*Required work:* Leave out the pictures and give back all the entries exactly as written.

*Collected data entries:*
+++
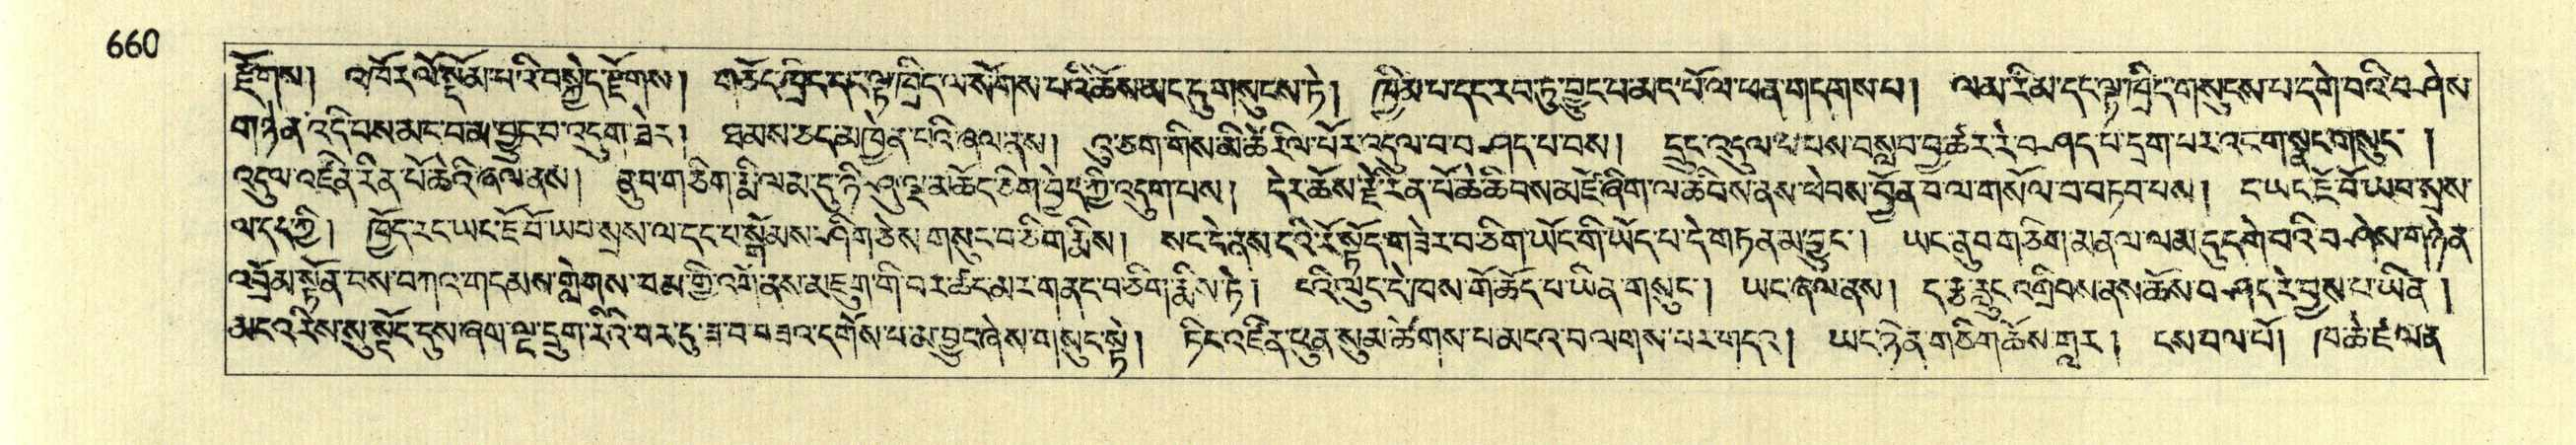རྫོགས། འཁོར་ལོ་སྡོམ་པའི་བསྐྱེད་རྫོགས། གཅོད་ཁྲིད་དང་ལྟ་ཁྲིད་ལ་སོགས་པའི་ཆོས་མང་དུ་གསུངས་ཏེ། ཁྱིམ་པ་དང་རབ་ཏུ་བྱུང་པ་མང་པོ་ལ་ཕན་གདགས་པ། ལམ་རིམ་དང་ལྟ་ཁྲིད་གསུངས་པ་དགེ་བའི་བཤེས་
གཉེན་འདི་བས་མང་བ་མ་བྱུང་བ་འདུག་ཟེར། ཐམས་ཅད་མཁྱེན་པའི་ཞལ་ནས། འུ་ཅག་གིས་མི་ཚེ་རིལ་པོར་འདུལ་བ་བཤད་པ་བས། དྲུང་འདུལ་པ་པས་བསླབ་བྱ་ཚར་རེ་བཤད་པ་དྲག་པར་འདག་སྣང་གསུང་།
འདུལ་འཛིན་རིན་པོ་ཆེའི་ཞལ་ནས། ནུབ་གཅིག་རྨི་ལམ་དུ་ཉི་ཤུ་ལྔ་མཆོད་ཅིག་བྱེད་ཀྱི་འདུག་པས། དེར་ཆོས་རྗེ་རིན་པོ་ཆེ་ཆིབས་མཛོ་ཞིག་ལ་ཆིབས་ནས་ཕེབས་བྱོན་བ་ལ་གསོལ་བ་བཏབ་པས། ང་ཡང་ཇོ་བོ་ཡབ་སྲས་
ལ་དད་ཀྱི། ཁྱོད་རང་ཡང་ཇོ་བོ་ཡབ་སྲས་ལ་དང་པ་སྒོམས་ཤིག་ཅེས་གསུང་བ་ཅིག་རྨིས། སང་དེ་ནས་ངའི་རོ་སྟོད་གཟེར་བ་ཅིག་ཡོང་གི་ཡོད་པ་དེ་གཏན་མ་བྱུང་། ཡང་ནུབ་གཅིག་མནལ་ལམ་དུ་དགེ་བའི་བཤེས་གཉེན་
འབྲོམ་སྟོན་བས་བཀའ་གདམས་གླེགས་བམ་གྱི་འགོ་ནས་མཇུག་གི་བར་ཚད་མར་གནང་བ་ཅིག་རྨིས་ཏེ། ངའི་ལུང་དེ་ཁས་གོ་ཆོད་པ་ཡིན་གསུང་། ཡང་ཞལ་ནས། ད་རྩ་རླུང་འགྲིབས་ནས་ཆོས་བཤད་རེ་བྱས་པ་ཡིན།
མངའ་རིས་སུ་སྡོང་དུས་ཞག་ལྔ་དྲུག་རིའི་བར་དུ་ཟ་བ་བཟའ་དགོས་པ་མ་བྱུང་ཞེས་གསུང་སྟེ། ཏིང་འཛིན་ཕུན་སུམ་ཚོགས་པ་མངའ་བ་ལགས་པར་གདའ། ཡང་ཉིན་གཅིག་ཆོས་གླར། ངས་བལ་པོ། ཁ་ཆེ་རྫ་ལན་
+++
*Your response:*
རྫོགས། འཁོར་ལོ་སྡོམ་པའི་བསྐྱེད་རྫོགས། གཅོད་ཁྲིད་དང་ལྟ་ཁྲིད་ལ་སོགས་པའི་ཆོས་མང་དུ་གསུངས་ཏེ། ཁྱིམ་པ་དང་རབ་ཏུ་བྱུང་པ་མང་པོ་ལ་ཕན་གདགས་པ། ལམ་རིམ་དང་ལྟ་ཁྲིད་གསུངས་པ་དགེ་བའི་བཤེས་
གཉེན་འདི་བས་མང་བ་མ་བྱུང་བ་འདུག་ཟེར། ཐམས་ཅད་མཁྱེན་པའི་ཞལ་ནས། འུ་ཅག་གིས་མི་ཚེ་རིལ་པོར་འདུལ་བ་བཤད་པ་བས། དྲུང་འདུལ་པ་པས་བསླབ་བྱ་ཚར་རེ་བཤད་པ་དྲག་པར་འདག་སྣང་གསུང་།
འདུལ་འཛིན་རིན་པོ་ཆེའི་ཞལ་ནས། ནུབ་གཅིག་རྨི་ལམ་དུ་ཉི་ཤུ་ལྔ་མཆོད་ཅིག་བྱེད་ཀྱི་འདུག་པས། དེར་ཆོས་རྗེ་རིན་པོ་ཆེ་ཆིབས་མཛོ་ཞིག་ལ་ཆིབས་ནས་ཕེབས་བྱོན་བ་ལ་གསོལ་བ་བཏབ་པས། ང་ཡང་ཇོ་བོ་ཡབ་སྲས་
ལ་དད་ཀྱི། ཁྱོད་རང་ཡང་ཇོ་བོ་ཡབ་སྲས་ལ་དང་པ་སྒོམས་ཤིག་ཅེས་གསུང་བ་ཅིག་རྨིས། སང་དེ་ནས་ངའི་རོ་སྟོད་གཟེར་བ་ཅིག་ཡོང་གི་ཡོད་པ་དེ་གཏན་མ་བྱུང་། ཡང་ནུབ་གཅིག་མནལ་ལམ་དུ་དགེ་བའི་བཤེས་གཉེན་
འབྲོམ་སྟོན་བས་བཀའ་གདམས་གླེགས་བམ་གྱི་འགོ་ནས་མཇུག་གི་བར་ཚད་མར་གནང་བ་ཅིག་རྨིས་ཏེ། ངའི་ལུང་དེ་ཁས་གོ་ཆོད་པ་ཡིན་གསུང་། ཡང་ཞལ་ནས། ད་རྩ་རླུང་འགྲིབས་ནས་ཆོས་བཤད་རེ་བྱས་པ་ཡིན།
མངའ་རིས་སུ་སྡོང་དུས་ཞག་ལྔ་དྲུག་རིའི་བར་དུ་ཟ་བ་བཟའ་དགོས་པ་མ་བྱུང་ཞེས་གསུང་སྟེ། ཏིང་འཛིན་ཕུན་སུམ་ཚོགས་པ་མངའ་བ་ལགས་པར་གདའ། ཡང་ཉིན་གཅིག་ཆོས་གླར། ངས་བལ་པོ། ཁ་ཆེ་རྫ་ལན་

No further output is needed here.